July Fuel Price Report

Fuel price rises level off at last as Chancellor drops 2p duty rise

16 July 2008

Petrol and diesel prices hit a plateau this week following a dramatic slowing in the pace of increase over the past month, according to the latest AA Fuel Price Report.

Unlike the 5-7 pence-per-litre increase for petrol and diesel last month, average prices mid-June to mid-July rose by a more modest 1.5 pence. Diesel price rises now largely mirror those of petrol - although diesel being 11.3% more expensive severely undermines its 15-20 per cent fuel efficiency advantage.

Between mid-June and mid-July, average UK petrol prices rose 1.35 pence, from 118.16 to 119.51 pence per litre. Diesel costs went up 1.52 pence per litre, from 131.56 to 133.08.

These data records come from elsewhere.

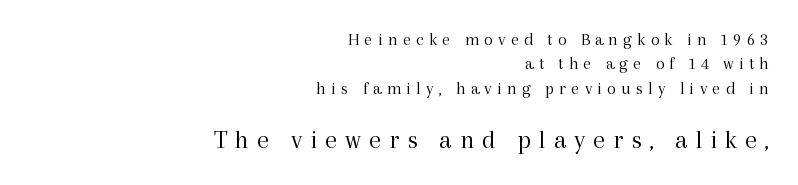
The image shows 27 px text type, upright; set right-aligned, normal line spacing (1.36x), unusually wide letter spacing (+0.29 em), not underlined; the second (bottom) block is 1.5x larger.
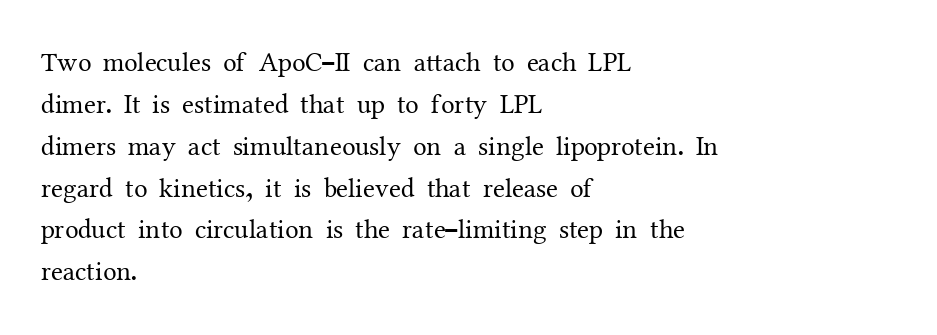
The image shows 27 px text type, upright; set left-aligned, normal line spacing (1.55x), normal letter spacing, not underlined.
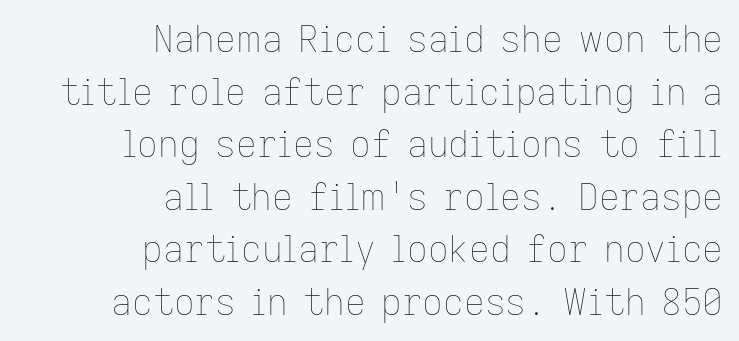
Q: Is the text bold? A: No.
Q: Is the text italic (slanted)? A: No, it is upright.
Q: Is the text underlined? A: No.
Q: How is the paragraph aligned? A: Right-aligned.
Q: Is the spacing between letters normal or unusually wide? A: Normal.
Q: Is the spacing between lines tight, normal or loose? A: Normal.
Q: Width (condensed, normal, or wide)? A: Normal.
Q: Stroke contrast? A: Low.
Q: x-height? A: Medium.
Q: Monospaced? A: No.

On Tuesday, for the second time in a fortnight, petrol prices fell mid week, something not seen since the middle of February. Buying patterns over the last two weekends when supermarkets take a greater share of sales indicated slight price falls, suggesting a pivotal point for prices this year.

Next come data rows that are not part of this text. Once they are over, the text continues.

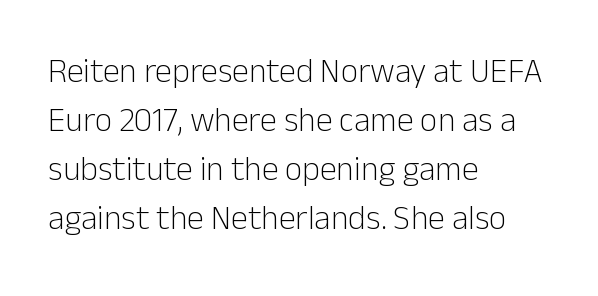
{"serif": "no", "italic": "no", "bold": "no", "weight": "light", "width": "normal", "stroke_contrast": "low", "x_height": "medium", "monospaced": "no", "underline": "no", "align": "left", "line_spacing": "normal", "line_spacing_ratio": 1.44, "letter_spacing": "normal", "letter_spacing_em": 0.0, "glyph_px": 34}
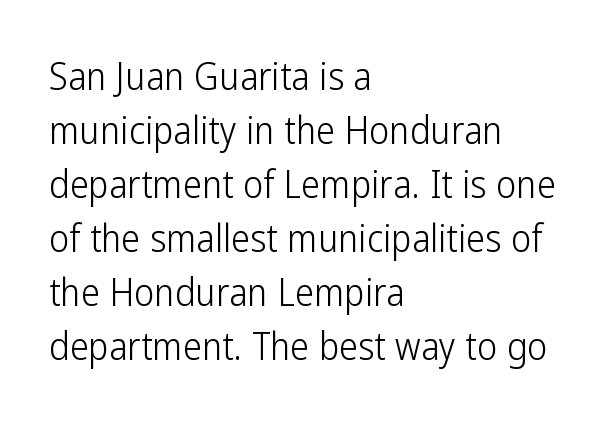
{"serif": "no", "italic": "no", "bold": "no", "weight": "light", "width": "condensed", "stroke_contrast": "low", "x_height": "medium", "monospaced": "no", "underline": "no", "align": "left", "line_spacing": "normal", "line_spacing_ratio": 1.42, "letter_spacing": "normal", "letter_spacing_em": 0.0, "glyph_px": 38}
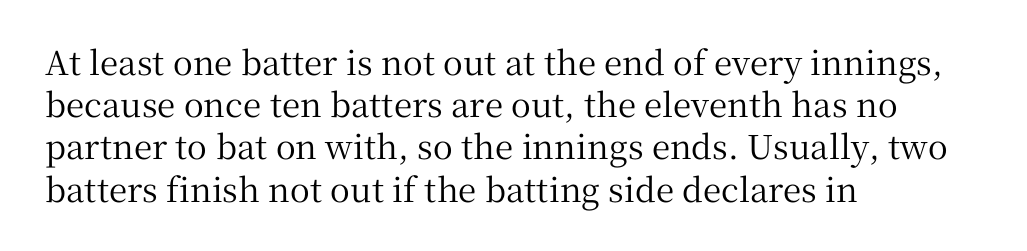
The letters carry serifs — small finishing strokes at the ends of their stems. A typesetter would call this proportional, since set widths differ per character. The passage shown is not underscored anywhere. Tracking here is standard; glyphs follow each other at the usual distance. Line beginnings align vertically; line endings do not. Rendered with straight, roman letterforms.
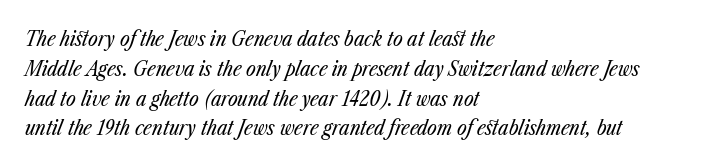
{"italic": "yes", "lean": "right", "slant_degrees": 23, "bold": "no", "underline": "no", "align": "left", "line_spacing": "normal", "line_spacing_ratio": 1.42, "letter_spacing": "normal", "letter_spacing_em": 0.0, "glyph_px": 21}
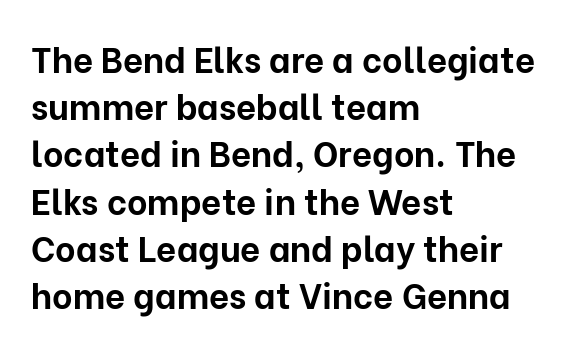
Proportional: the letters do not fall into vertical columns. The designer went with a sans here, leaving each stem footless. The leading is moderate, giving the passage an even texture. Ordinary non-slanted type is in use.
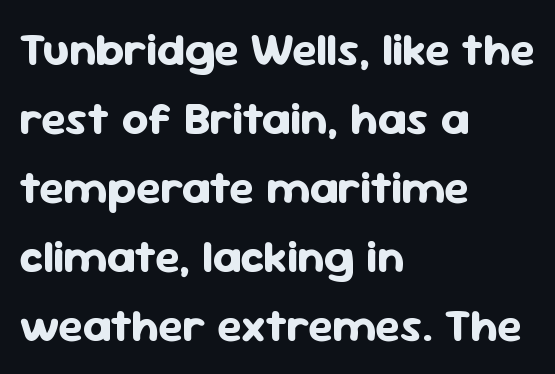
The type family on display is of the sans-serif kind. The face used here is proportionally spaced, like ordinary book or web type. The lettering stays uniformly vertical, giving the passage a roman look. The foot of each line stays bare and open. The rendering uses a moderate line-height, typical for paragraphs.

Wholesale prices for petrol on the Continent fell five per cent briefly last week and for one day UK average prices dipped three-hundredths of one per cent before resuming its upward path.

"It's difficult to be sure that petrol prices have reached their peak but, in the climate of high price volatility, the UK has come as close as it has in the past five months to a halt in soaring prices. It is ironic that this has happened on the day that the Chancellor announces a deferral of October's fuel duty increase, but the reality is that every little helps alleviate the pain of high fuel prices for the UK's beleaguered motorists," said AA President Edmund King.

"At least we saw the industry pass on some of last week's petrol price fall, however pitifully small. In early June, when the continental wholesale price of diesel fell 10 per cent over a two-week period, UK drivers saw nothing but a one-day stalling of prices. Consequently, when fuel prices eventually start falling we will be watching them like a hawk to spot any suppliers who drag their feet.

"For the moment, however, it's fingers crossed as strikes on Brazilian oil platforms, possible renewed unrest in Nigeria or a severe hurricane in the Gulf of Mexico have the potential to send oil prices up again."

Although Northern Ireland saw the biggest increase in the price of petrol over the past month, London remains the most expensive region to refill. Likewise, only Northern Ireland and Scotland beat it on price for diesel.

View the full AA Fuel Price Report.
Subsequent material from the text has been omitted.